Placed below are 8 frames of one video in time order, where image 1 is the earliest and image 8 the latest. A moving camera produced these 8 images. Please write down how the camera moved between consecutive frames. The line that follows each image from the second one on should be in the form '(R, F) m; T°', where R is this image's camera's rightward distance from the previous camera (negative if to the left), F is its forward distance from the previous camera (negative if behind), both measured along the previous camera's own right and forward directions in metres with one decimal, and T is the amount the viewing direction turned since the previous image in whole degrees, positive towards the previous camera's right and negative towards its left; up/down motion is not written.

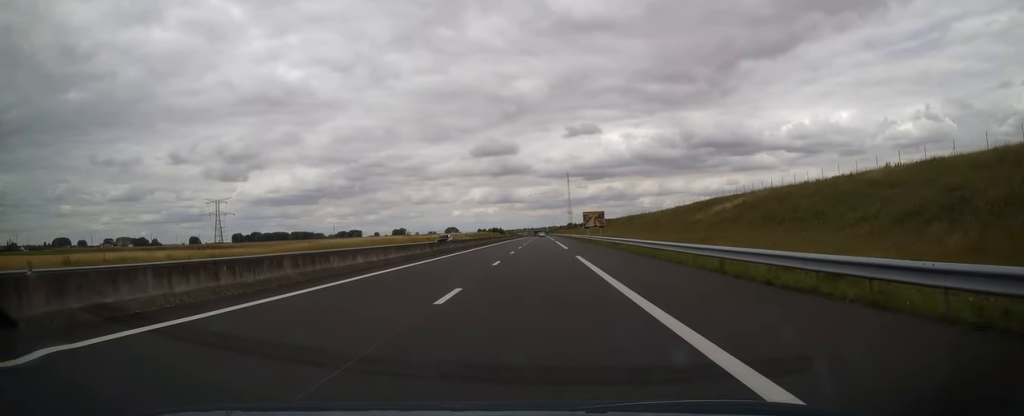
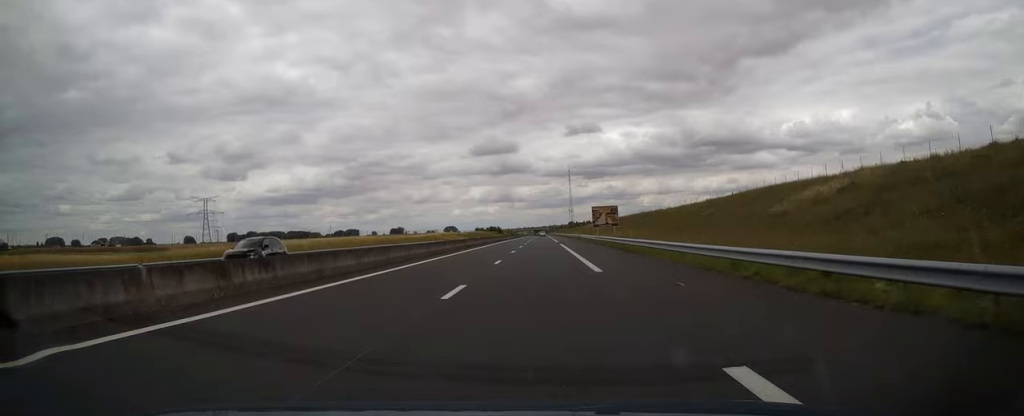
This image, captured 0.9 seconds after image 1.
(+0.3, +25.0) m; +1°
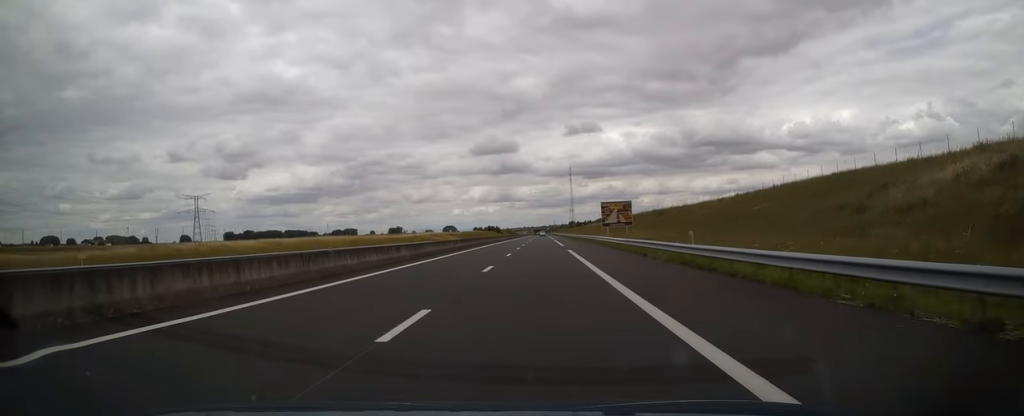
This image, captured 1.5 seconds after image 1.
(0.0, +17.6) m; 0°
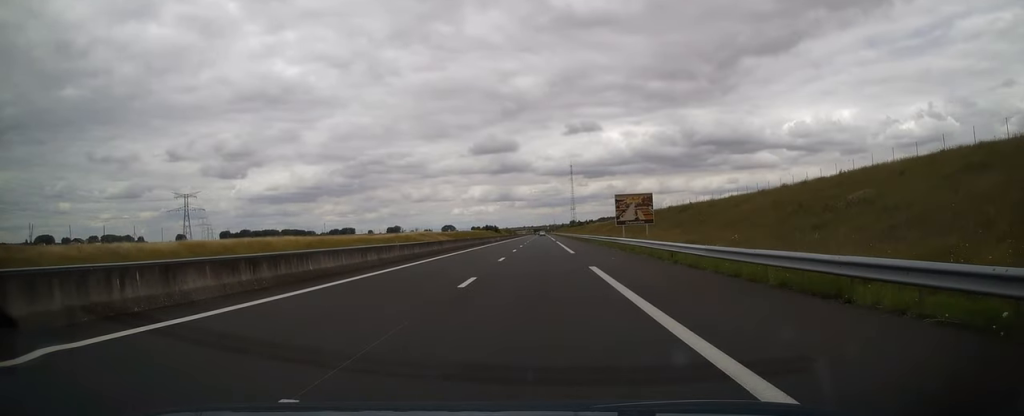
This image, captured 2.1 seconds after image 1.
(0.0, +18.6) m; 0°
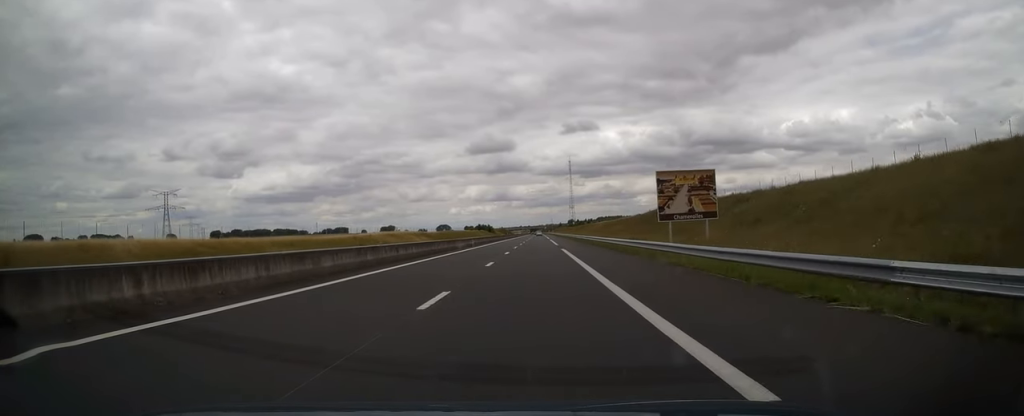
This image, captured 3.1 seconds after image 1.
(0.0, +29.9) m; 0°
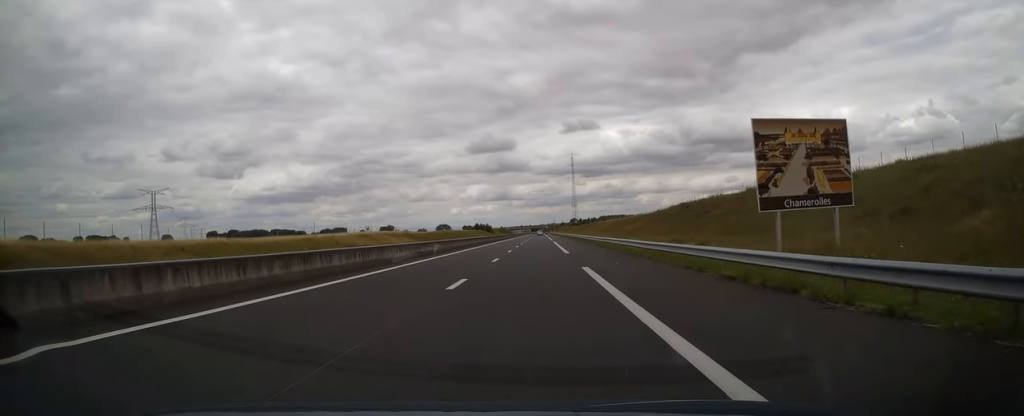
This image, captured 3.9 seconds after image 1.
(0.0, +22.1) m; 0°
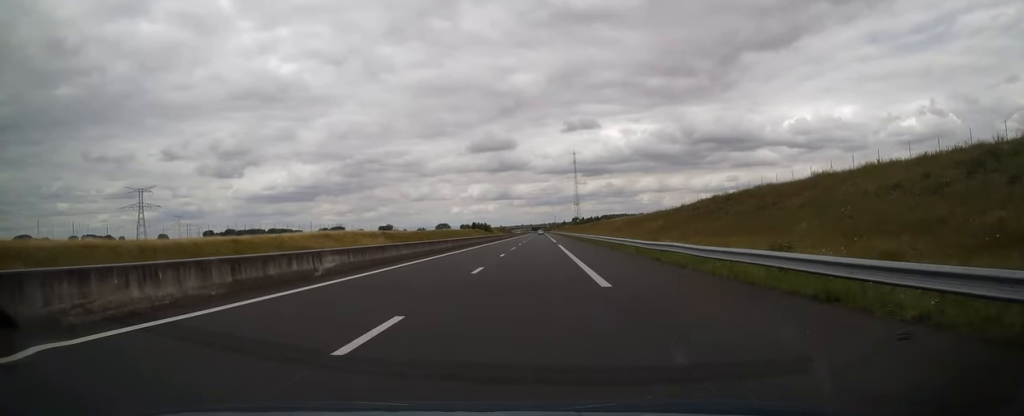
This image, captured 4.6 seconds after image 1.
(0.0, +20.6) m; 0°
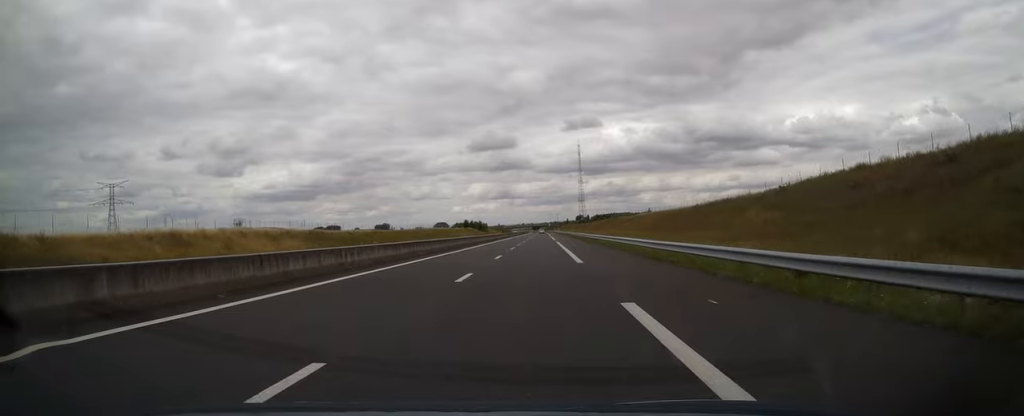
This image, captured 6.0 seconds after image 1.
(-0.1, +42.2) m; 0°

----

## REQUIRED ACTION
All lines of the material above should be returned unchanged, but no pictures should be included.

## TASK OUTPUT
Placed below are 8 frames of one video in time order, where image 1 is the earliest and image 8 the latest. A moving camera produced these 8 images. Please write down how the camera moved between consecutive frames. The line that follows each image from the second one on should be in the form '(R, F) m; T°', where R is this image's camera's rightward distance from the previous camera (negative if to the left), F is its forward distance from the previous camera (negative if behind), both measured along the previous camera's own right and forward directions in metres with one decimal, and T is the amount the viewing direction turned since the previous image in whole degrees, positive towards the previous camera's right and negative towards its left; up/down motion is not written.

This image, captured 0.9 seconds after image 1.
(+0.3, +25.0) m; +1°
This image, captured 1.5 seconds after image 1.
(0.0, +17.6) m; 0°
This image, captured 2.1 seconds after image 1.
(0.0, +18.6) m; 0°
This image, captured 3.1 seconds after image 1.
(0.0, +29.9) m; 0°
This image, captured 3.9 seconds after image 1.
(0.0, +22.1) m; 0°
This image, captured 4.6 seconds after image 1.
(0.0, +20.6) m; 0°
This image, captured 6.0 seconds after image 1.
(-0.1, +42.2) m; 0°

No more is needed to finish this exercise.